Department of Biochemistry, Faculty of Science, Palacký University in Olomouc, 78371 Olomouc, Czech Republic.
Division of Plant Sciences, University of Missouri, Columbia, MO 65201, USA.
Genes (Basel). 2023 Jan 1;14(1):123. doi: 10.3390/genes14010123.
The genome-wide association study (GWAS) is a popular genomic approach that identifies genomic regions associated with a phenotype and, thus, aims to discover causative mutations (CM) in the genes underlying the phenotype. However, GWAS discoveries are limited by many factors and typically identify associated genomic regions without the further ability to compare the viability of candidate genes and actual CMs. Therefore, the current methodology is limited to CM identification. In our recent work, we presented a novel approach to an empowered "GWAS to Genes" strategy that we named Synthetic phenotype to causative mutation (SP2CM). We established this strategy to identify CMs in soybean genes and developed a web-based tool for accuracy calculation (AccuTool) for a reference panel of soybean accessions. Here, we describe our further development of the tool that extends its utilization for other species and named it AccuCalc. We enhanced the tool for the analysis of datasets with a low-frequency distribution of a rare phenotype by automated formatting of a synthetic phenotype and added another accuracy-based GWAS evaluation criterion to the accuracy calculation. We designed AccuCalc as a Python package for GWAS data analysis for any user-defined species-independent variant calling format (vcf) or HapMap format (hmp) as input data. AccuCalc saves analysis outputs in user-friendly tab-delimited formats and also offers visualization of the GWAS results as Manhattan plots accentuated by accuracy. Under the hood of Python, AccuCalc is publicly available and, thus, can be used conveniently for the SP2CM strategy utilization for every species.

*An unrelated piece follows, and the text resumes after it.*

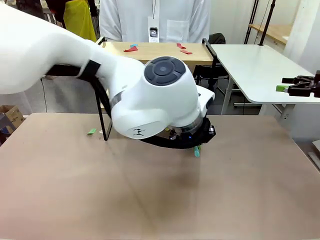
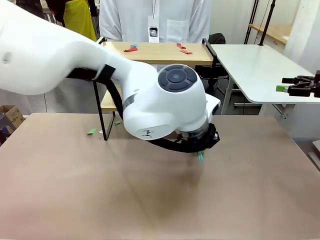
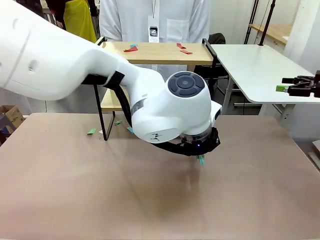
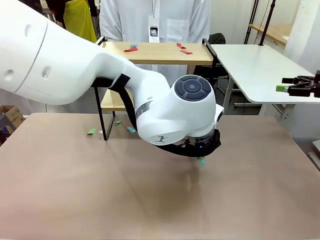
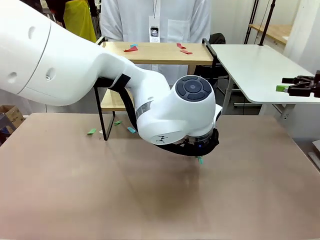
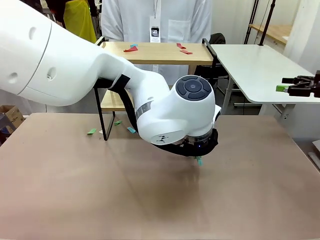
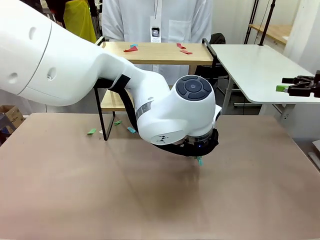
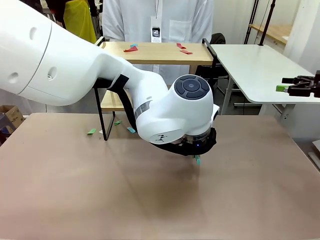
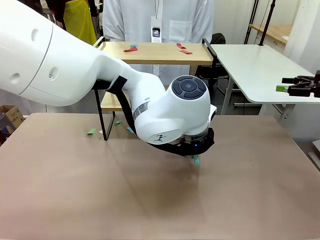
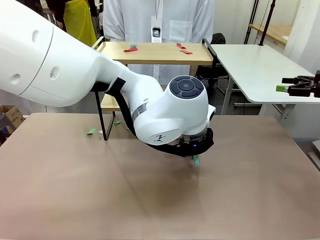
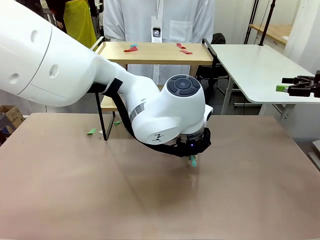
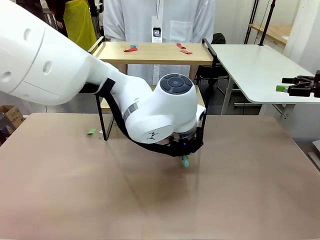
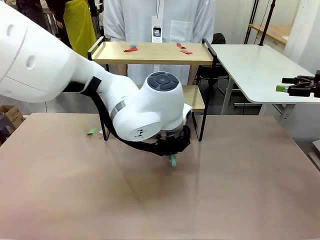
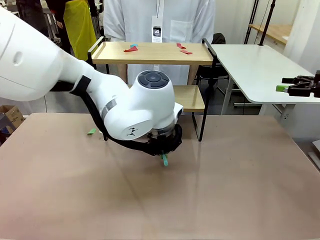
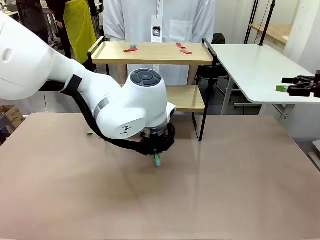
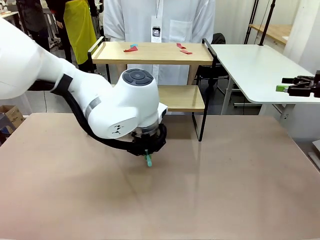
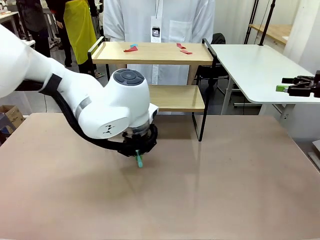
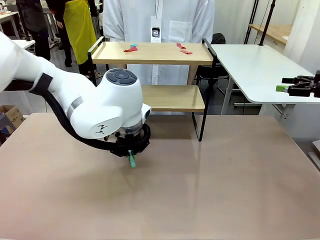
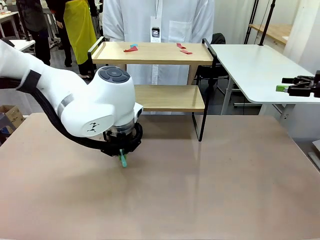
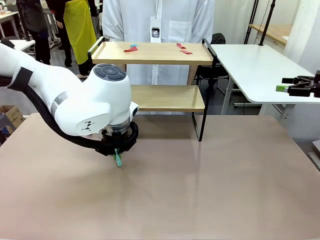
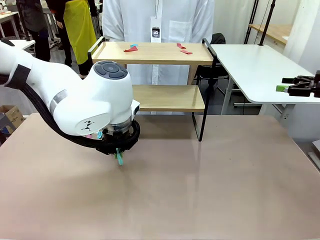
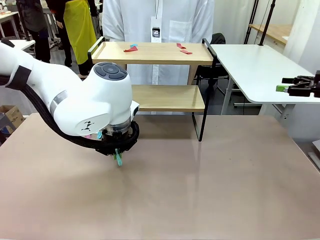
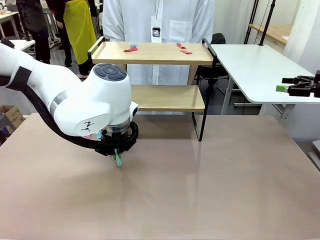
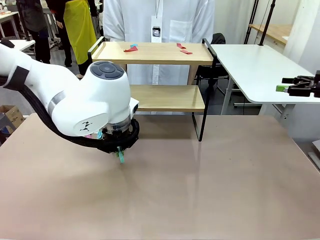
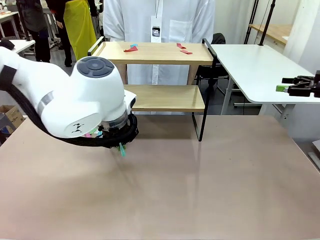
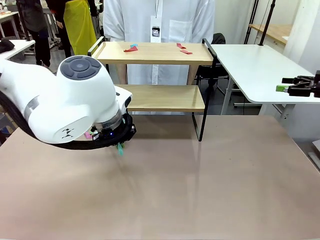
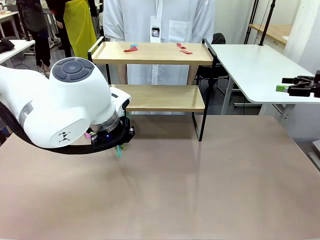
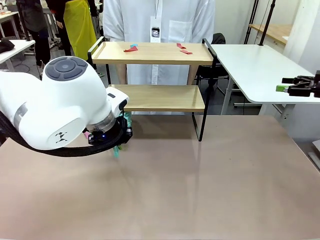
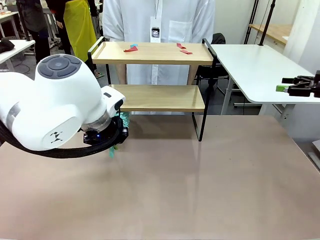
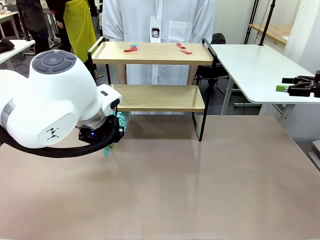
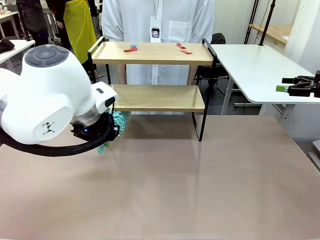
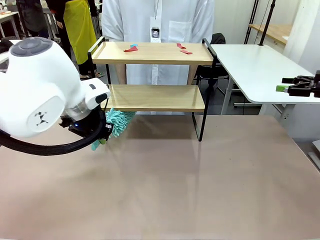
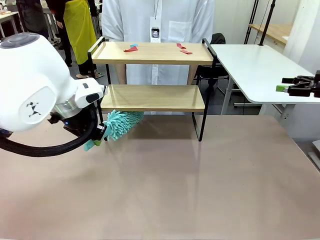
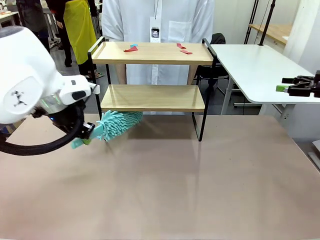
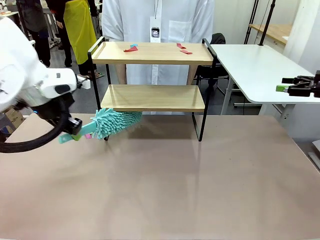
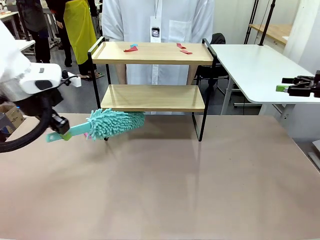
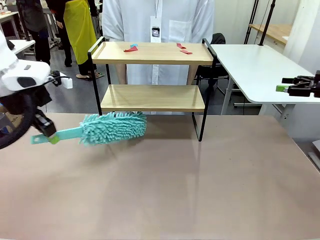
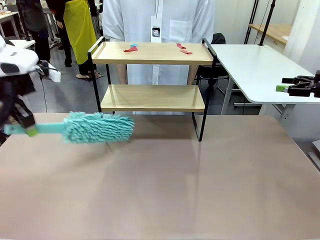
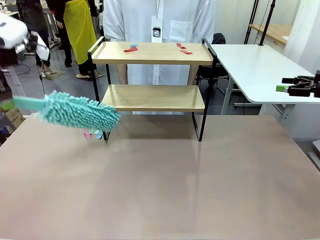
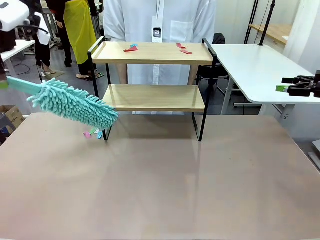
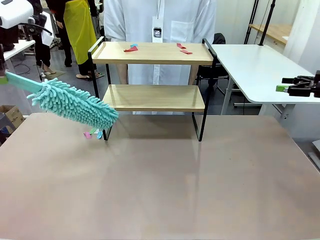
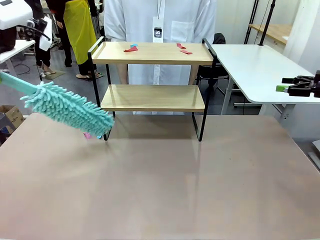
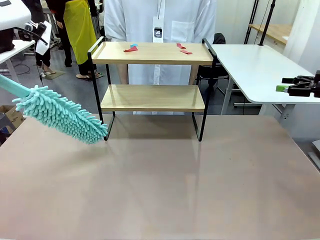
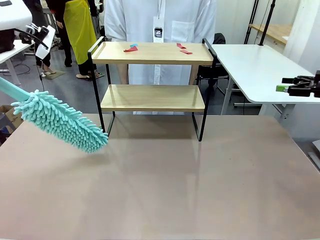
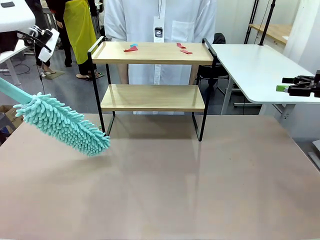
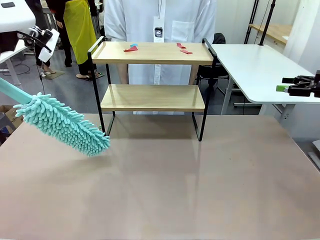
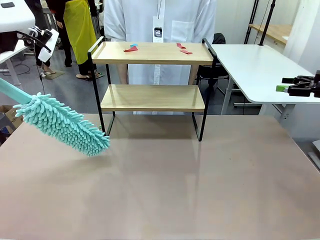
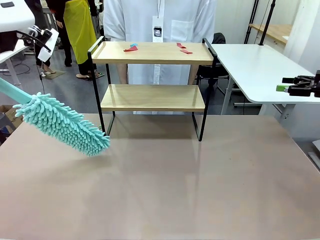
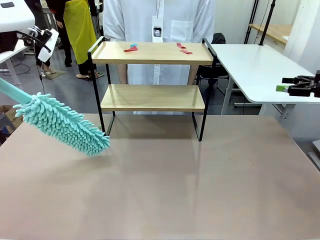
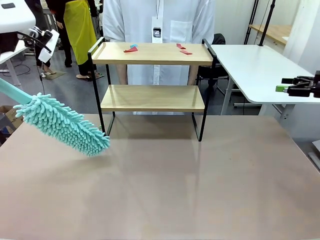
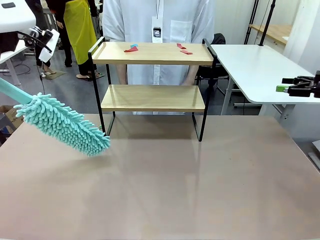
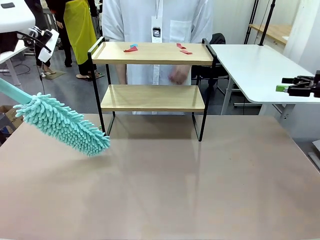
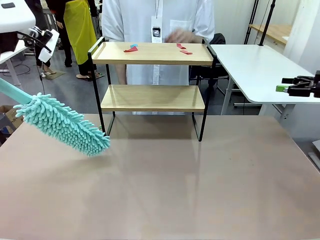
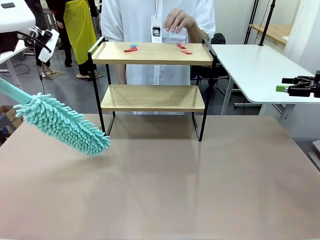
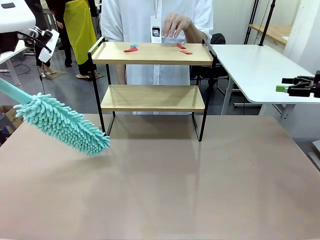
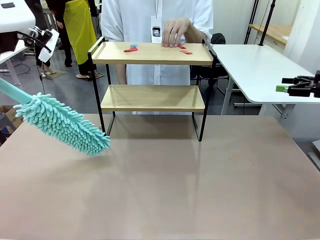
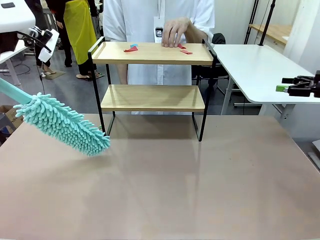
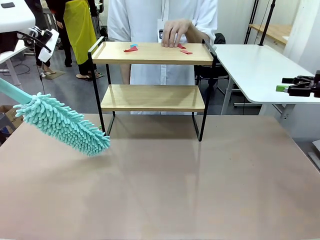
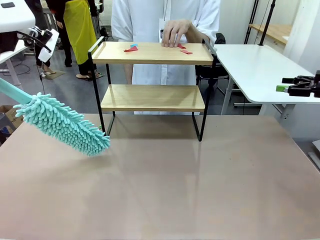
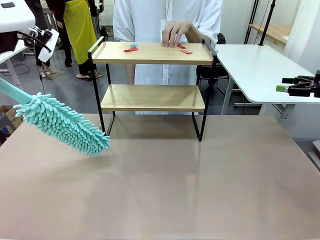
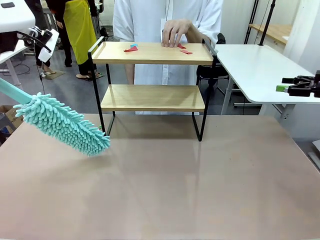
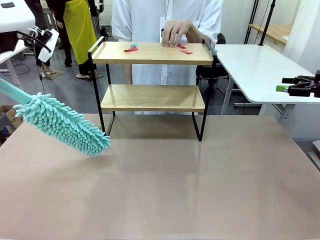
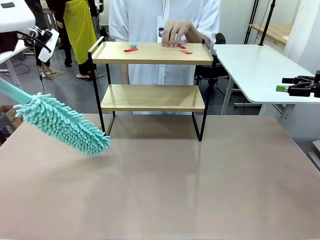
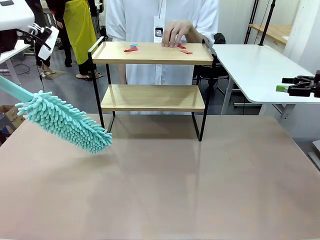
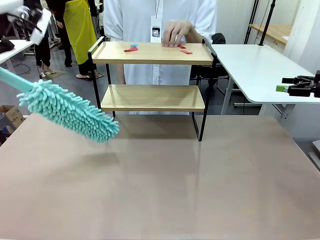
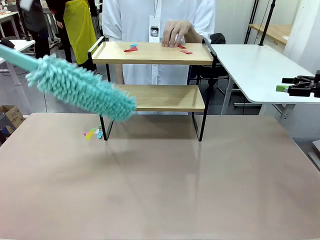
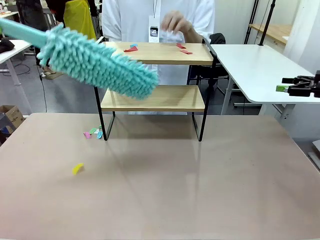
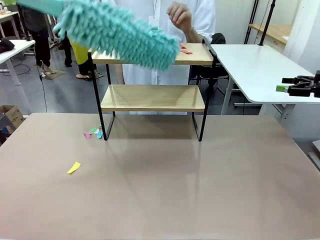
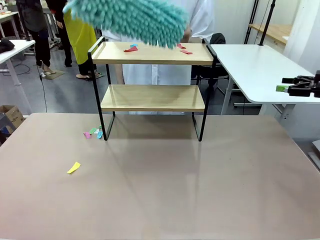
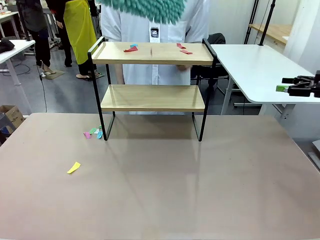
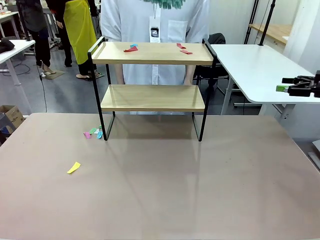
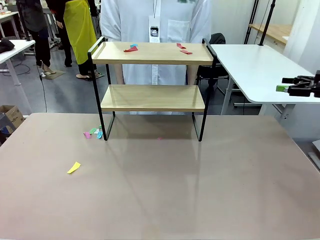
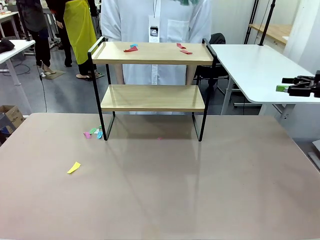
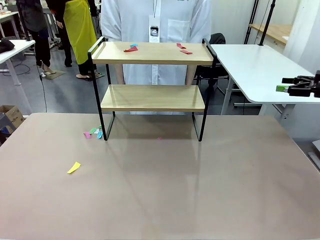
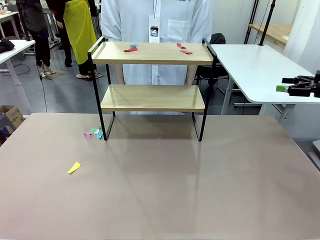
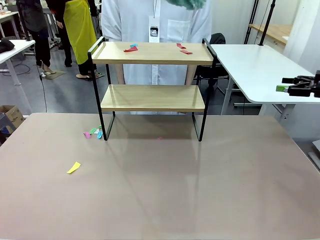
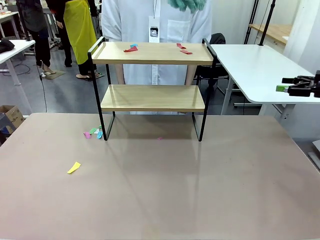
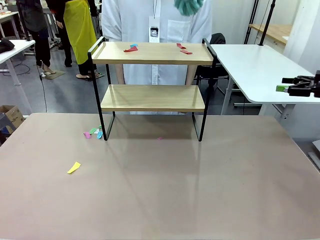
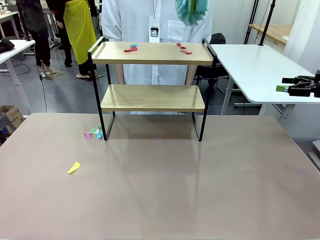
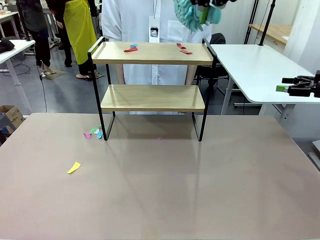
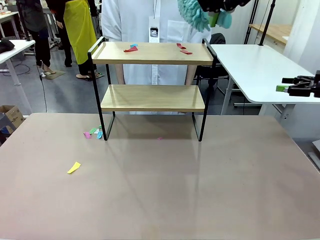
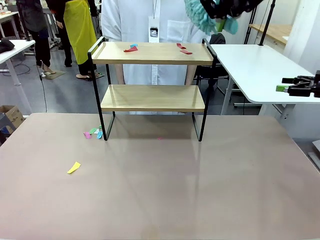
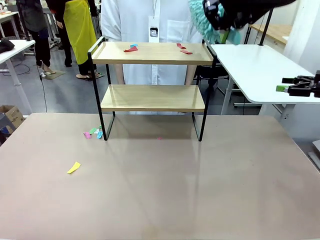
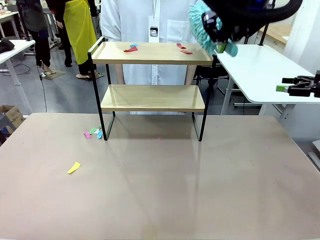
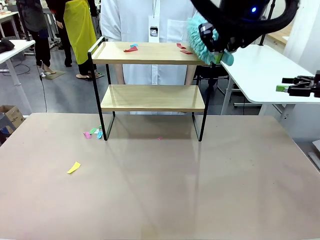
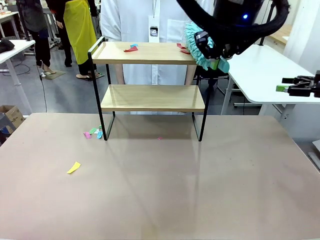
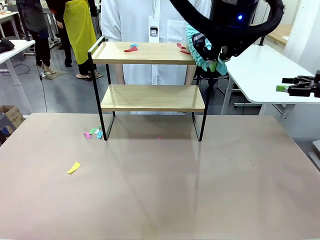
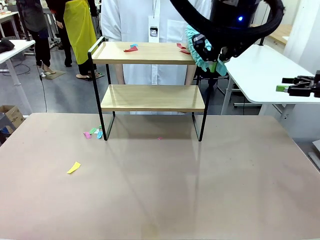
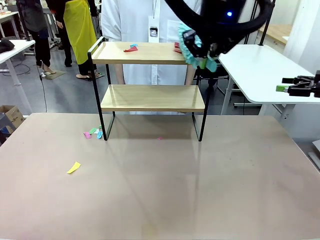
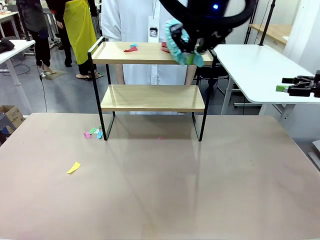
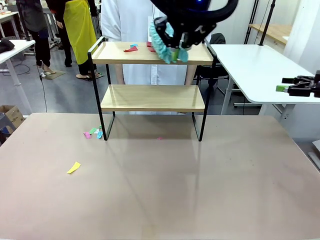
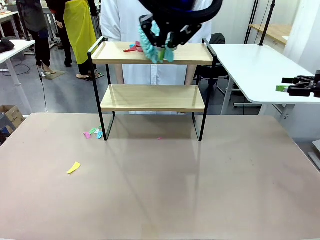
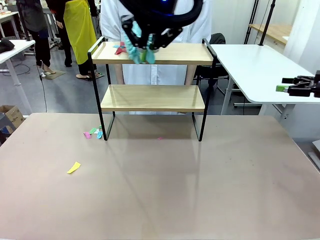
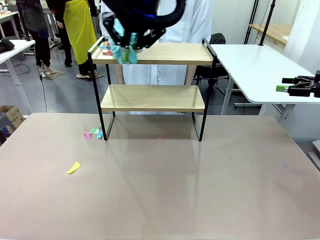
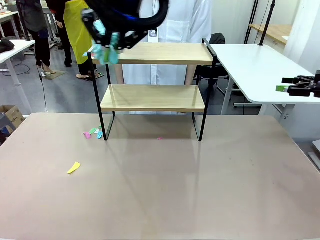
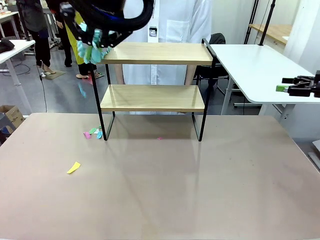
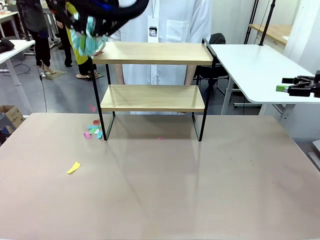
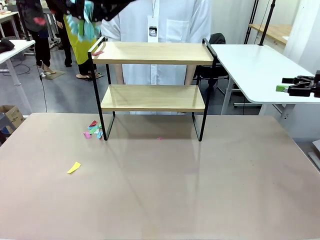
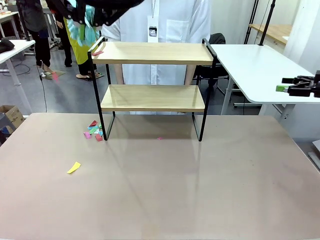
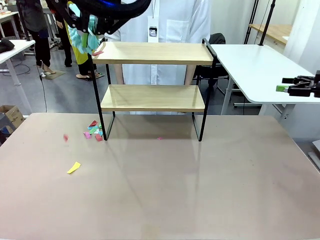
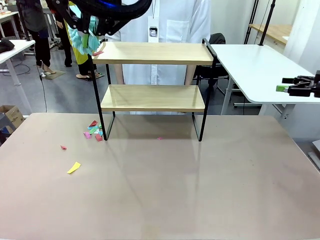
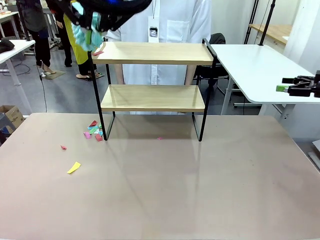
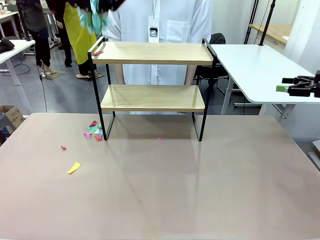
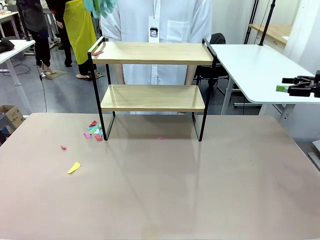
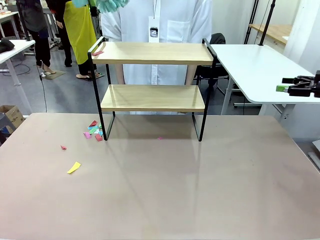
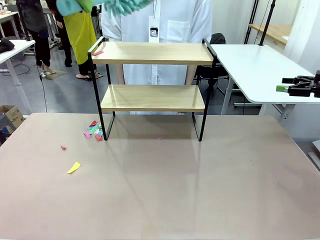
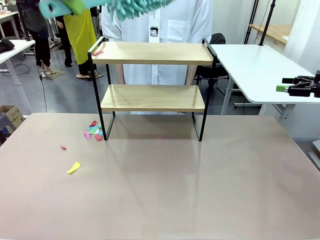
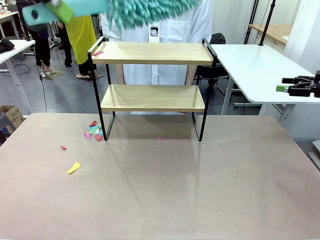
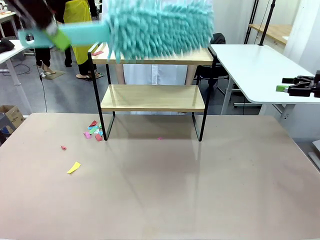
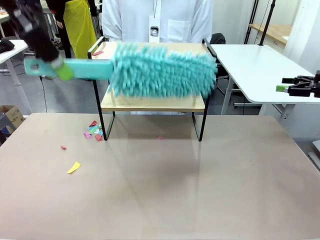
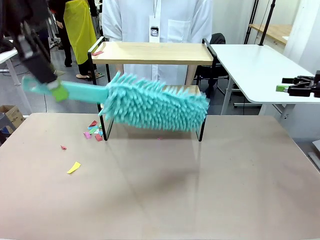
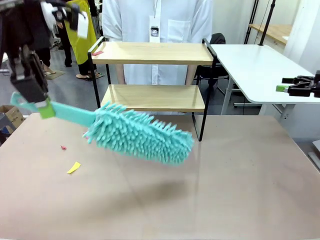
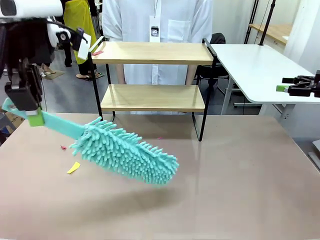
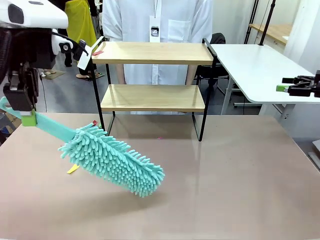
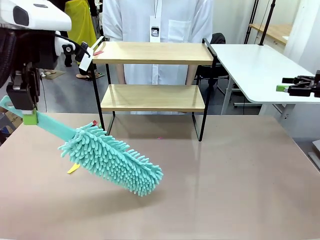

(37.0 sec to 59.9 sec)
Task: Clean the shelf.
Robot: Clean the specific section of the Shelf indicated by the human with the Duster.
Person: Point a remaining section of the Shelf.

全基因组关联研究(GWAS)是一种流行的基因组方法,可识别与表型相关的基因组区域,从而旨在发现表型相关基因中的致病突变(CM)。然而,GWAS 发现受到许多因素的限制,通常只能识别相关的基因组区域,而无法进一步比较候选基因和实际 CM 的可行性。因此,目前的方法仅限于 CM 鉴定。在我们最近的工作中,我们提出了一种新的方法来增强“GWAS 到基因”策略,我们将其命名为合成表型到致病突变(SP2CM)。我们建立了这个策略来鉴定大豆基因中的 CM,并为大豆品系参考面板开发了一个用于准确性计算的基于网络的工具(AccuTool)。在这里,我们描述了该工具的进一步开发,该工具扩展了其在其他物种中的应用,并将其命名为 AccuCalc。我们通过自动化合成表型格式增强了该工具,以分析罕见表型低频分布的数据集,并为准确性计算添加了另一个基于准确性的 GWAS 评估标准。我们将 AccuCalc 设计为一个用于 GWAS 数据分析的 Python 包,任何用户定义的与物种无关的变异调用格式(vcf)或 HapMap 格式(hmp)都可以作为输入数据。AccuCalc 以用户友好的制表符分隔格式保存分析输出,并提供 GWAS 结果的可视化,以强调准确性的曼哈顿图。在 Python 的幕后,AccuCalc 是公开可用的,因此可以方便地用于每个物种的 SP2CM 策略利用。